Сестра повернулась и ушла. Абрикосова откинулась на подушку. Её не оперировали, язва открылась, надо было лежать, не двигаясь, а спина отгорала. Она думала о том, что надо следить за собой, стараться сдерживаться, потому что горлом тут не возьмёшь, просто никто не станет слушать. А  характер не переделать: гены, что ли? Эта её аристократическая порода вылезала из неё гордынным неприятием малейшего неуважения, невозможностью смириться с грубостью или небрежностью в делах. За годы советской власти голубая кровь заметно подкрасилась красным животным цветом, высокомерие породы превратилось в презрительное отношение ко всякой низменности, отсутствие религиозного воспитания лишило смирения и терпения. Но, с другой стороны, она, прямая и резкая, пережившая издевательства фашистского плена, шок детских страшных впечатлений, сознавала своё право на завоёванное место в жизни.  Она не знала, не старалась и узнать, скрывая своё порочное для коммунистов родство, что в её крови голубела искорка царской крови. Но странное сновидение околдовало её, заставило трепетать почти железное сердце.

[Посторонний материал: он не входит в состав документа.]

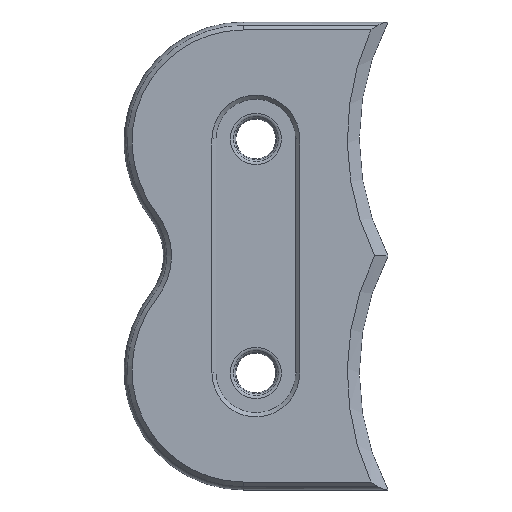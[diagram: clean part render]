
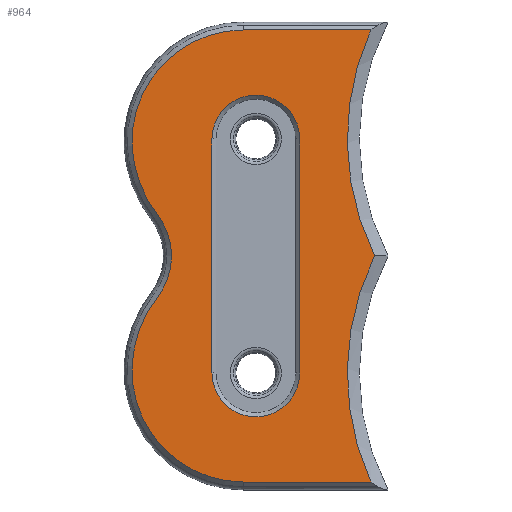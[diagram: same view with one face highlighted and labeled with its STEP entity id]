
A CAD part, top view. The second image highlights one B-rep face of the part: STEP entity #964.
In plain terms, the highlighted planar face has unit normal (0, 0, 1).
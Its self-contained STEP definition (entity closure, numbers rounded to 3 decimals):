
#30=FACE_BOUND('',#275,.T.);
#37=PLANE('',#1072);
#78=LINE('',#1591,#131);
#82=LINE('',#1599,#135);
#87=LINE('',#1612,#140);
#88=LINE('',#1624,#141);
#131=VECTOR('',#1265,10.);
#135=VECTOR('',#1271,10.);
#140=VECTOR('',#1288,10.);
#141=VECTOR('',#1299,10.);
#208=FACE_OUTER_BOUND('',#274,.T.);
#274=EDGE_LOOP('',(#721,#722,#723,#724,#725,#726,#727,#728,#729));
#275=EDGE_LOOP('',(#730,#731,#732,#733));
#348=CIRCLE('',#1063,11.);
#350=CIRCLE('',#1068,11.);
#352=CIRCLE('',#1073,28.);
#353=CIRCLE('',#1074,31.148);
#354=CIRCLE('',#1075,17.);
#355=CIRCLE('',#1076,31.148);
#356=CIRCLE('',#1077,28.);
#357=CIRCLE('',#1078,66.582);
#358=CIRCLE('',#1079,66.582);
#425=VERTEX_POINT('',#1582);
#426=VERTEX_POINT('',#1584);
#428=VERTEX_POINT('',#1590);
#431=VERTEX_POINT('',#1597);
#432=VERTEX_POINT('',#1610);
#433=VERTEX_POINT('',#1611);
#434=VERTEX_POINT('',#1613);
#435=VERTEX_POINT('',#1615);
#436=VERTEX_POINT('',#1617);
#437=VERTEX_POINT('',#1619);
#438=VERTEX_POINT('',#1621);
#439=VERTEX_POINT('',#1623);
#440=VERTEX_POINT('',#1625);
#523=EDGE_CURVE('',#425,#426,#348,.T.);
#526=EDGE_CURVE('',#426,#428,#78,.T.);
#530=EDGE_CURVE('',#431,#425,#82,.T.);
#532=EDGE_CURVE('',#428,#431,#350,.T.);
#537=EDGE_CURVE('',#432,#433,#87,.T.);
#538=EDGE_CURVE('',#434,#432,#352,.T.);
#539=EDGE_CURVE('',#435,#434,#353,.T.);
#540=EDGE_CURVE('',#436,#435,#354,.T.);
#541=EDGE_CURVE('',#437,#436,#355,.T.);
#542=EDGE_CURVE('',#438,#437,#356,.T.);
#543=EDGE_CURVE('',#439,#438,#88,.T.);
#544=EDGE_CURVE('',#440,#439,#357,.T.);
#545=EDGE_CURVE('',#433,#440,#358,.T.);
#721=ORIENTED_EDGE('',*,*,#537,.F.);
#722=ORIENTED_EDGE('',*,*,#538,.F.);
#723=ORIENTED_EDGE('',*,*,#539,.F.);
#724=ORIENTED_EDGE('',*,*,#540,.F.);
#725=ORIENTED_EDGE('',*,*,#541,.F.);
#726=ORIENTED_EDGE('',*,*,#542,.F.);
#727=ORIENTED_EDGE('',*,*,#543,.F.);
#728=ORIENTED_EDGE('',*,*,#544,.F.);
#729=ORIENTED_EDGE('',*,*,#545,.F.);
#730=ORIENTED_EDGE('',*,*,#523,.F.);
#731=ORIENTED_EDGE('',*,*,#530,.F.);
#732=ORIENTED_EDGE('',*,*,#532,.F.);
#733=ORIENTED_EDGE('',*,*,#526,.F.);
#964=ADVANCED_FACE('',(#208,#30),#37,.T.);
#1063=AXIS2_PLACEMENT_3D('',#1585,#1258,#1259);
#1068=AXIS2_PLACEMENT_3D('',#1602,#1275,#1276);
#1072=AXIS2_PLACEMENT_3D('',#1609,#1286,#1287);
#1073=AXIS2_PLACEMENT_3D('',#1614,#1289,#1290);
#1074=AXIS2_PLACEMENT_3D('',#1616,#1291,#1292);
#1075=AXIS2_PLACEMENT_3D('',#1618,#1293,#1294);
#1076=AXIS2_PLACEMENT_3D('',#1620,#1295,#1296);
#1077=AXIS2_PLACEMENT_3D('',#1622,#1297,#1298);
#1078=AXIS2_PLACEMENT_3D('',#1626,#1300,#1301);
#1079=AXIS2_PLACEMENT_3D('',#1627,#1302,#1303);
#1258=DIRECTION('center_axis',(0.,0.,1.));
#1259=DIRECTION('ref_axis',(1.,0.,0.));
#1265=DIRECTION('',(0.,-1.,0.));
#1271=DIRECTION('',(0.,1.,0.));
#1275=DIRECTION('center_axis',(0.,0.,1.));
#1276=DIRECTION('ref_axis',(-1.,0.,0.));
#1286=DIRECTION('center_axis',(0.,0.,1.));
#1287=DIRECTION('ref_axis',(1.,0.,0.));
#1288=DIRECTION('',(1.,0.,0.));
#1289=DIRECTION('center_axis',(0.,0.,-1.));
#1290=DIRECTION('ref_axis',(-0.775,0.632,0.));
#1291=DIRECTION('center_axis',(0.,0.,-1.));
#1292=DIRECTION('ref_axis',(-0.464,0.886,0.));
#1293=DIRECTION('center_axis',(0.,0.,1.));
#1294=DIRECTION('ref_axis',(1.,0.,0.));
#1295=DIRECTION('center_axis',(0.,0.,-1.));
#1296=DIRECTION('ref_axis',(-0.464,0.886,0.));
#1297=DIRECTION('center_axis',(0.,0.,-1.));
#1298=DIRECTION('ref_axis',(-0.775,-0.632,0.));
#1299=DIRECTION('',(-1.,0.,0.));
#1300=DIRECTION('center_axis',(0.,0.,1.));
#1301=DIRECTION('ref_axis',(-1.,0.,0.));
#1302=DIRECTION('center_axis',(0.,0.,1.));
#1303=DIRECTION('ref_axis',(-1.,0.,0.));
#1582=CARTESIAN_POINT('',(44.148,88.097,7.));
#1584=CARTESIAN_POINT('',(22.148,88.097,7.));
#1585=CARTESIAN_POINT('Origin',(33.148,88.097,7.));
#1590=CARTESIAN_POINT('',(22.148,29.366,7.));
#1591=CARTESIAN_POINT('',(22.148,44.049,7.));
#1597=CARTESIAN_POINT('',(44.148,29.366,7.));
#1599=CARTESIAN_POINT('',(44.148,73.414,7.));
#1602=CARTESIAN_POINT('Origin',(33.148,29.366,7.));
#1609=CARTESIAN_POINT('Origin',(33.148,58.731,7.));
#1610=CARTESIAN_POINT('',(30.065,115.463,7.));
#1611=CARTESIAN_POINT('',(61.993,115.463,7.));
#1612=CARTESIAN_POINT('',(49.722,115.463,7.));
#1613=CARTESIAN_POINT('',(2.639,81.822,7.));
#1614=CARTESIAN_POINT('Origin',(30.065,87.463,7.));
#1615=CARTESIAN_POINT('',(8.464,69.1,7.));
#1616=CARTESIAN_POINT('Origin',(33.148,88.097,7.));
#1617=CARTESIAN_POINT('',(8.464,48.363,7.));
#1618=CARTESIAN_POINT('Origin',(-5.008,58.731,7.));
#1619=CARTESIAN_POINT('',(2.639,35.641,7.));
#1620=CARTESIAN_POINT('Origin',(33.148,29.366,7.));
#1621=CARTESIAN_POINT('',(30.065,2.,7.));
#1622=CARTESIAN_POINT('Origin',(30.065,30.,7.));
#1623=CARTESIAN_POINT('',(61.993,2.,7.));
#1624=CARTESIAN_POINT('',(25.46,2.,7.));
#1625=CARTESIAN_POINT('',(62.935,58.731,7.));
#1626=CARTESIAN_POINT('Origin',(122.691,29.366,7.));
#1627=CARTESIAN_POINT('Origin',(122.691,88.097,7.));
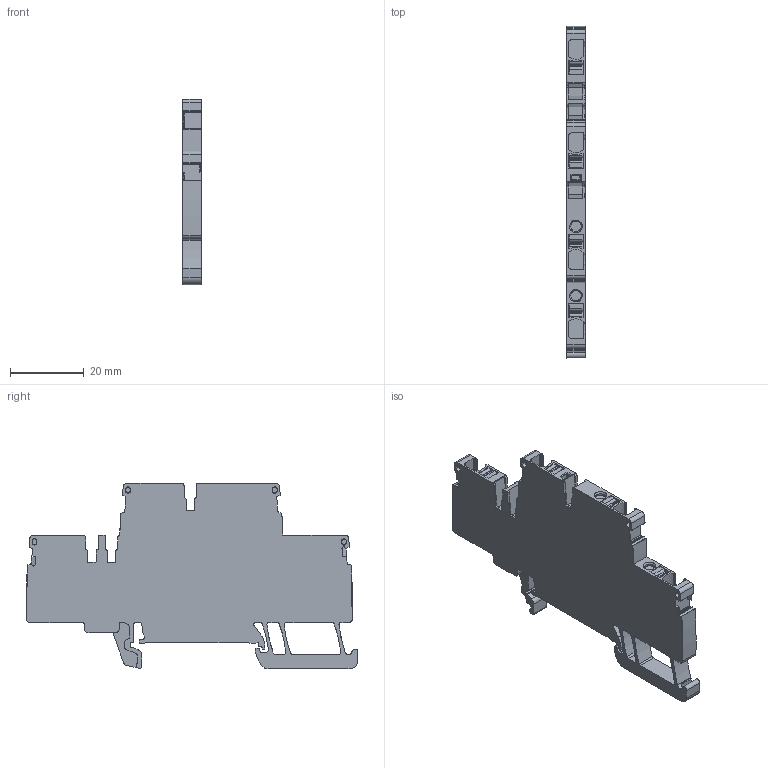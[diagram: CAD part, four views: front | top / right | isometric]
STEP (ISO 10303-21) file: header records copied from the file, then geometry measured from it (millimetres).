
FILE_DESCRIPTION(('CATIA V5R20 STEP214','CAx-IF Rec.Pracs.--- Model Styling and Organization---1.5--- 2016-08-15','CAx-IF Rec.Pracs.---Supplemental Geometry---1.0---2011-11-01','CAx-IF Rec.Pracs.--- Composite Materials ---1.1---2010-07-15'),'2;1');
FILE_NAME ('2013927-2_0', '2024-10-02T07:00:30+00:00', ('Weidmueller Interface'), ('Weidmueller'), 'CATIA Version 5-6 Release 2022 SP4 HF5', 'CATIA V5 STEP AP214 v3', 'none');
FILE_SCHEMA(('AUTOMOTIVE_DESIGN { 1 0 10303 214 1 1 1 1 }'));
Length unit declared in the file: millimetre
Products named in the file (1): 3030610000
Bounding box: 5.1 x 89.73 x 50.15 mm (x, y, z)
Volume: 13979 mm3; surface area: 9524.8 mm2
Topology: 1 solids, 1 shells, 803 faces, 2262 edges, 1478 vertices
Faces by surface type: plane 327, cylinder 320, extrusion 123, cone 20, bspline 8, torus 3, sphere 2
Entity records: 29210 total; most frequent: CARTESIAN_POINT 8434, ORIENTED_EDGE 4520, DIRECTION 3352, EDGE_CURVE 2260, VECTOR 1549, VERTEX_POINT 1478, LINE 1426, AXIS2_PLACEMENT_3D 1207
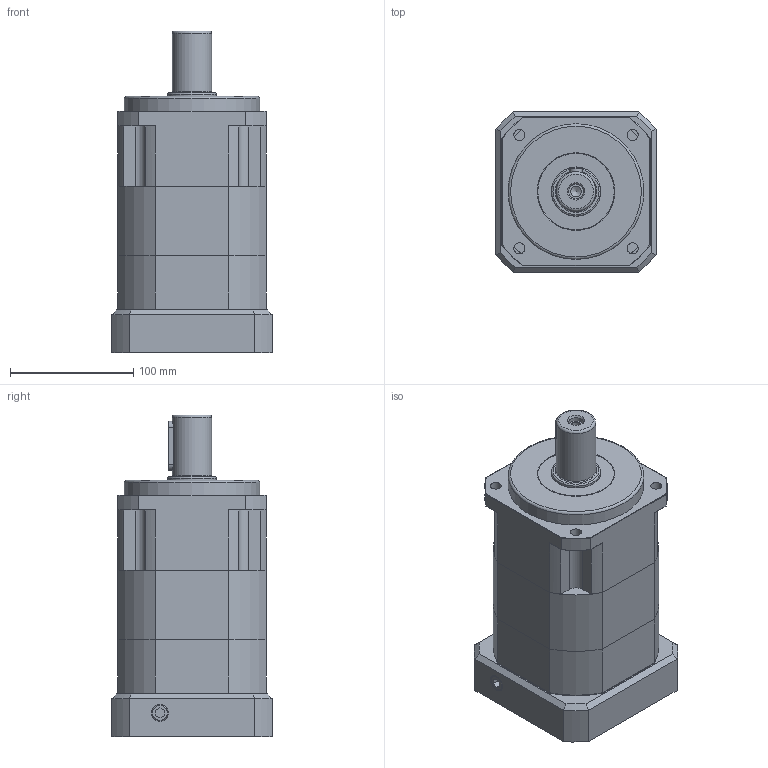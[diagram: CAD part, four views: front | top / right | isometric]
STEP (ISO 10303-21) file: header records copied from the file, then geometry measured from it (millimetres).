
FILE_DESCRIPTION((''),'2;1');
FILE_NAME('PGX120-H-2.stp','2013-08-20T14:29:55',('young'),(''),'Autodesk Inventor 2012','Autodesk Inventor 2012','');
FILE_SCHEMA(('AUTOMOTIVE_DESIGN { 1 0 10303 214 1 1 1 1 }'));
Length unit declared in the file: millimetre
Products named in the file (1): PGX120-H-2
Bounding box: 130 x 130 x 261 mm (x, y, z)
Volume: 2193789.6 mm3; surface area: 297626.8 mm2
Topology: 17 solids, 17 shells, 537 faces, 1297 edges, 829 vertices
Faces by surface type: plane 267, cylinder 156, cone 69, bspline 25, torus 18, sphere 2
Full cylindrical faces by diameter (mm): 4.5 x4, 5 x4, 6.8 x9, 7 x4, 8 x9, 8.5 x5, 9 x5, 11.125 x2, 12 x1, 13 x7, 24 x1, 29.9 x1, 32 x1, 38.2 x1, 39.8 x2, 40 x2, 48 x1, 49 x1, 55 x2, 62 x2, 90 x1, 105 x2, 110 x1
Entity records: 17116 total; most frequent: CARTESIAN_POINT 5033, DIRECTION 2481, ORIENTED_EDGE 2296, EDGE_CURVE 1148, AXIS2_PLACEMENT_3D 951, VERTEX_POINT 801, EDGE_LOOP 743, VECTOR 579
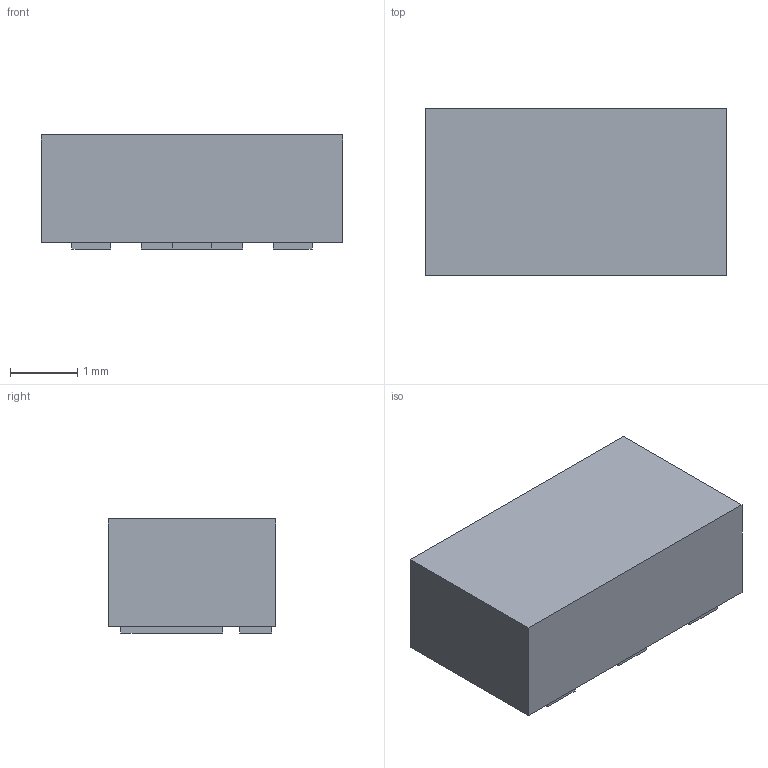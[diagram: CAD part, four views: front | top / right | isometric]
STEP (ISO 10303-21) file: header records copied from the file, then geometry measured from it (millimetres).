
FILE_DESCRIPTION(('FreeCAD Model'),'2;1');
FILE_NAME('11358762.1.2.stp','2020-04-12T13:50:47',( 'Author'),(''),'Open CASCADE STEP processor 6.9','FreeCAD','Unknown' );
FILE_SCHEMA(('AUTOMOTIVE_DESIGN { 1 0 10303 214 1 1 1 1 }'));
Length unit declared in the file: millimetre
Products named in the file (3): ASSEMBLY; Body; Pins
Assembly tree (2 placements, depth 2):
  ASSEMBLY
    Body
    Pins
Bounding box: 4.5 x 2.5 x 1.7 mm (x, y, z)
Volume: 18.3 mm3; surface area: 52.4 mm2
Topology: 5 solids, 5 shells, 30 faces, 60 edges, 40 vertices
Faces by surface type: plane 30
Entity records: 1631 total; most frequent: CARTESIAN_POINT 253, DIRECTION 246, LINE 180, VECTOR 180, ORIENTED_EDGE 120, PCURVE 120, DEFINITIONAL_REPRESENTATION 120, EDGE_CURVE 60

Раненые лежали рядами под сводами бывшей трапезной монастыря. Высокие стрельчатые окна были затуманены жарким дыханием многих хрипящих глоток, запах крови и гноя, пота и мочи слепил воздух скользкими, тяжёлыми комьями, которые приходилось глотать, едва проталкивая в лёгкие. Стоны, хрипы, ругательства, зубовный скрип – все звуки гулко отдавались в высокой каменной палате человек на пятьдесят валяющихся вповалку теперь уже и между железными койками на тощих подстилках. Койки периодически освобождались, мёртвых выносили вон, а на их место клали самых тяжёлых с пола, словно на конвейер смерти. Вася Голубкин тоже попал на койку, отчего и понял, что дела его плохи, затосковал душой, стёр слезу, проступившую в уголке глаза. Лёгкое прострелено, дыхание сиплое и клокочущее, пулю, правда, вытащил маленький седенький доктор, показал потом, когда дурнота от хлороформа отошла. «Теперь на себя надейся, на свою силу да на ангела–хранителя», – улыбнулся старик  и подмигнул, словно пообещал ему этого доброго ангела. А Вася теперь понял, что ангелов ему не дождаться, потому что он попал в ад истинный! После чистилища операционной, палата казалась огромным общим склепом, не верилось, что отсюда можно выйти на волю, вернуться к жизни. А Вася хотел жить! Как же не хотеть-то в двадцать лет?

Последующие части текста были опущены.